EXTRACTED INFORMATION:
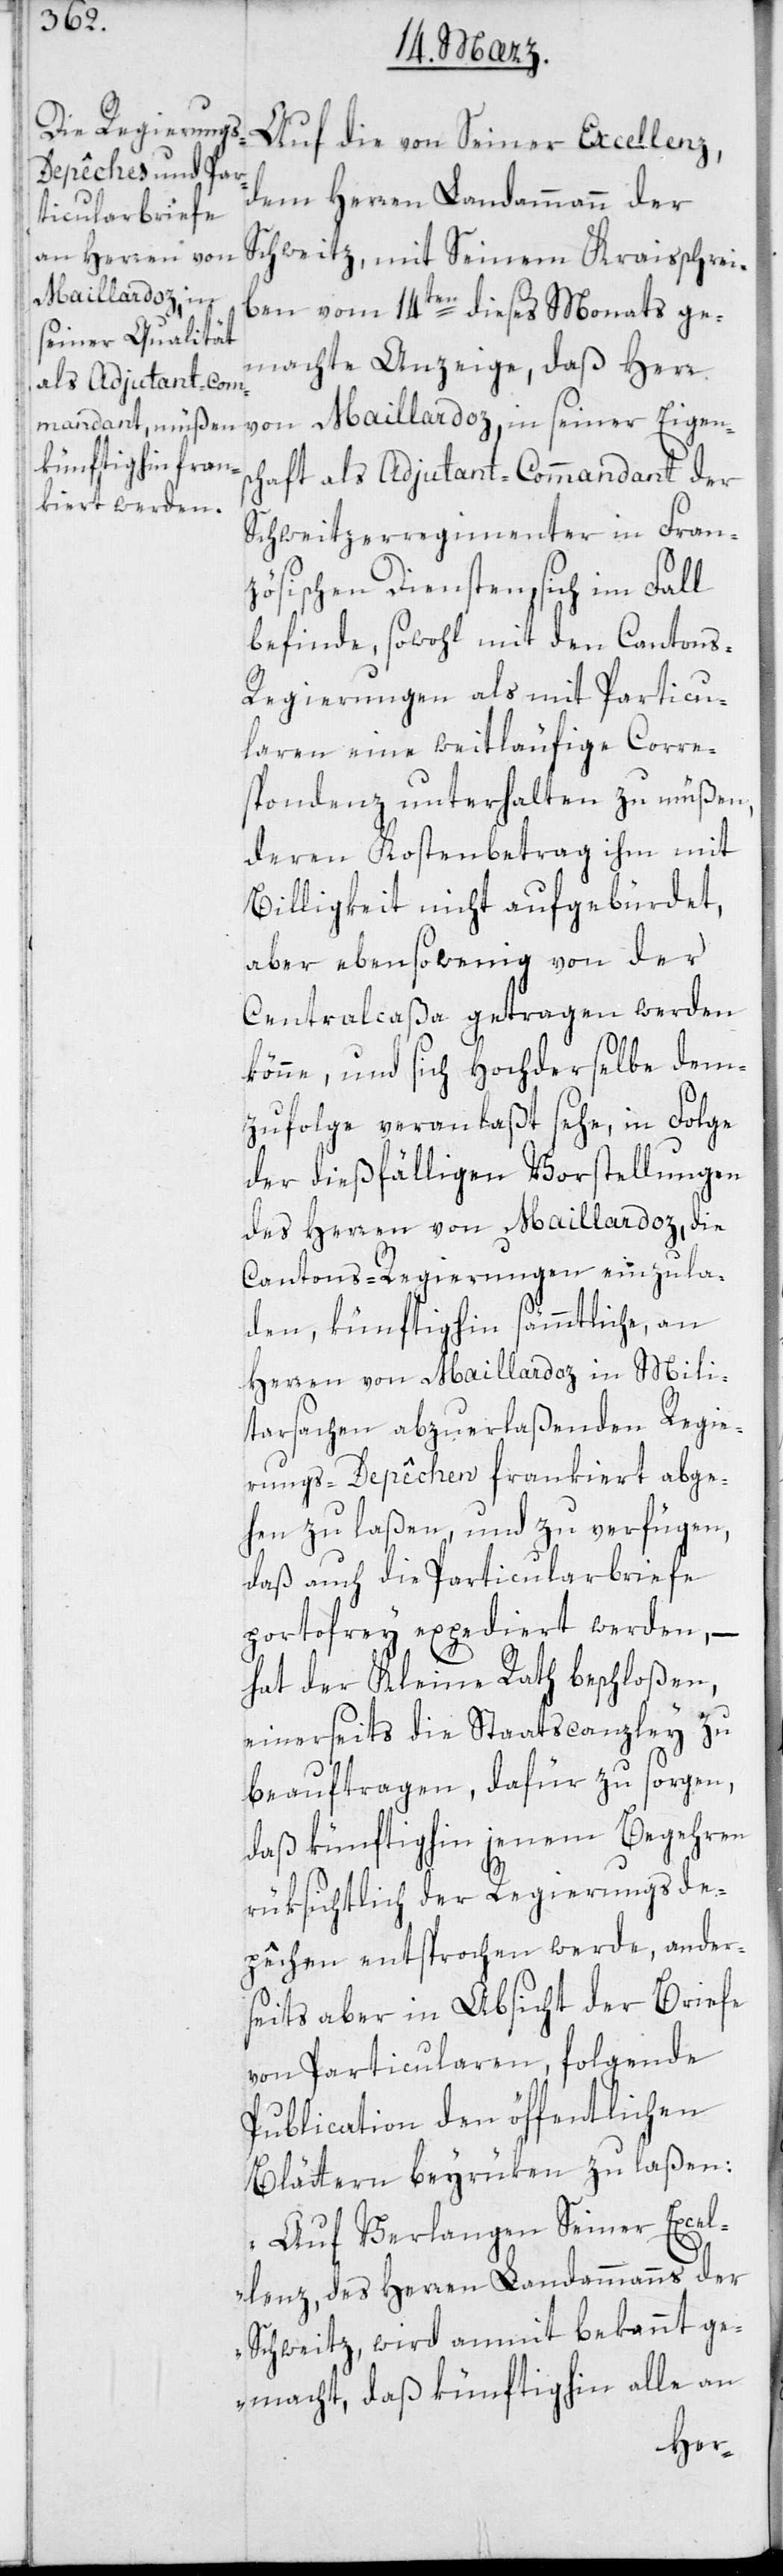
Auf die von Seiner Excellenz
dem Herren Landammann der
Schweitz, mit seinem Kraisschrei¬
ben vom 14ten dieses Monats ge¬
machte Anzeige, daß Herr
von Maillardoz, in seiner Eigens¬
chaft als Adjudant-Commandant der
Schweitzerregimenter in Fran¬
zösischen Diensten, sich im Fall
befinde, sowohl mit den Canton¬
s-Regierungen als mit Particu¬
laren eine weitläufige Corre¬
spondenz unterhalten zu müßen,
deren Kostenbetrag ihm mit
Billigkeit nicht aufgebürdet,
aber ebenso wenig von der
Centralcaßa getragen werden
könne, und sich Hochderselbe dem¬
zufolge veranlaßt sehe, in Folge
der dießfälligen Vorstellungen
des Herren von Maillardoz, die
Cantonsregierungen einzula¬
den, künftighin sämmtliche, an
Herren von Maillardoz in Mili¬
tarsachen abzuerlaßenden Regie¬
rungs-Depêchen frankiert abge¬
hen zu laßen, und zu verfügen,
daß auch die Particularbriefe
portofrey expediert werden, –
hat der Kleine Rath beschloßen,
einerseits die Staatscanzley zu
beauftragen, dafür zu sorgen,
daß künftighin jenem Begehren
rüksichtlich der Regierungsde¬
pêchen entsprochen werde, anders¬
eits aber in Absicht der Briefe
von Particularen, folgende
Publication den öffentlichen
Blättern beyrüken zu laßen:
„Auf Verlangen Seiner Excel¬
lenz des Herren Landammanns der
Schweitz, wird anmit bekannt ge¬
macht, daß künftighin alle an

ABOUT THIS TASK: Write out the lines above from the one containing "Verlangen Seiner Excel¬" through the last, exactly as they are.

ANSWER BELOW:
„Auf Verlangen Seiner Excel¬
lenz des Herren Landammanns der
Schweitz, wird anmit bekannt ge¬
macht, daß künftighin alle an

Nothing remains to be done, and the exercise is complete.